En dehors de toute incitation, une ruche produit entre 100 et 300 grammes de propolis par an.

Son usage

La propolis peut s’avérer utile pour lutter contre certaines infections de la bouche, aphtes… et en cosmétologie dans des crèmes de beauté, savon…en raison de ses qualités antimicrobienne, antibiotique, cicatrisante et anti-inflammatoire.. Elle est notamment utilisé sous forme de bain de bouche ou de dentifrice. Des études suggèrent que ces formulations pourraient aider à guérir des infections buccales comme les plaies de la muqueuse, les abcès ou les aphtes, des infections de la bouche.

Conditionnée en gélule, en flacon, en gomme à mâcher, en comprimés, en poudre ou mélangée au miel, la propolis est un produit d’exception, qui a de nombreuses vertus . Elle a des propriétés :

  • antibiotique ;
  • antiseptique ;
  • anti-infectieux pour les infections respiratoires et ORL ;
  • anti-fongique contre les mycoses, les champignons, la teigne ;
  • antigrippal ;
  • antioxydant.

Elle possède également des vertus médicinales :

  • au niveau digestif (antiparasitaire, détoxifiant) ;
  • au niveau cutané :
    • contre le vieillissement de la peau ;
    • pour favoriser la cicatrisation et traiter les plaies ;
      • pour soigner les brûlures

La cire d’abeille

La cire est le matériau de construction des rayons. Elle sert à bâtir les alvéoles qui pourront indifféremment recevoir du miel, du pollen ou du couvain. Ce sont les jeunes abeilles ouvrières de moins de 20 jours qui produisent la cire.
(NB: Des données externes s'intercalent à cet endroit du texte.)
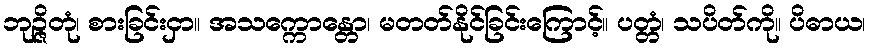
ဘုဉ္ဇိတုံ၊ စားခြင်းငှာ။ အသက္ကောန္တော၊ မတတ်နိုင်ခြင်းကြောင့်။ ပတ္တံ၊ သပိတ်ကို။ ပိဓာယ၊
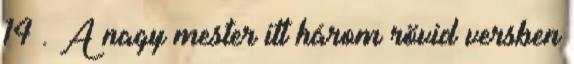
14 . A nagy mester itt három rövid versben
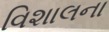
વિશાલના
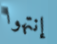
إنتهوا
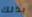
بذلك

Les écailles de couleur blanche sont produites par une des glandes cirières. Les pattes arrières raclent les 8 squames de cire que l’on trouve sur les sternites. Les écailles sont si légères qu’il en faut environ un million pour produite 1 kg de cire.
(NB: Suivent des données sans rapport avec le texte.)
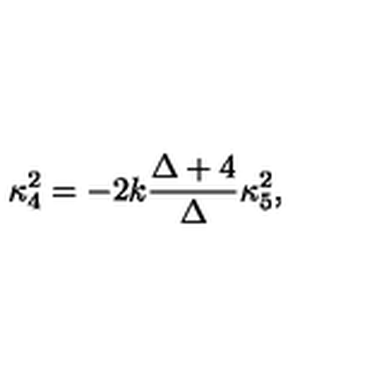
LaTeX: \kappa _ { 4 } ^ { 2 } = - 2 k \frac { \Delta + 4 } { \Delta } \kappa _ { 5 } ^ { 2 } ,
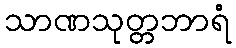
သာဏသုတ္တဘာရံ
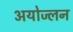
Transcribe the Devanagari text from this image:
अयोज्लन

Pour produire de la cire il faut que la température dans laquelle se trouvent les cirières soit entre 33° et 36° C.
Pour produire 1 kg de cire les abeilles consomment entre 6 et 12 kg de miel.
Les abeilles incorporent 5 % de propolis et de pollen à la pâte ce qui a pour effet de permettre sa solidification à la température de la colonie ;

Elle a bien sur de multiples intérêts tant au niveau industriel (cosmétique…), qu’alimentaire(additif E901, revêtement pour le fromage..),que  pour l’apiculture, elle est confiée à un gaufreur qui va la transformé en cire gaufrée, mais aussi pour la fabrication de bougie et de produit ménager(cirage des parquet) .
Attention elle est très inflammable.

Le venin d’abeille

Il est utilisé en rhumatologie, cardiologie, maladies auto-immunes.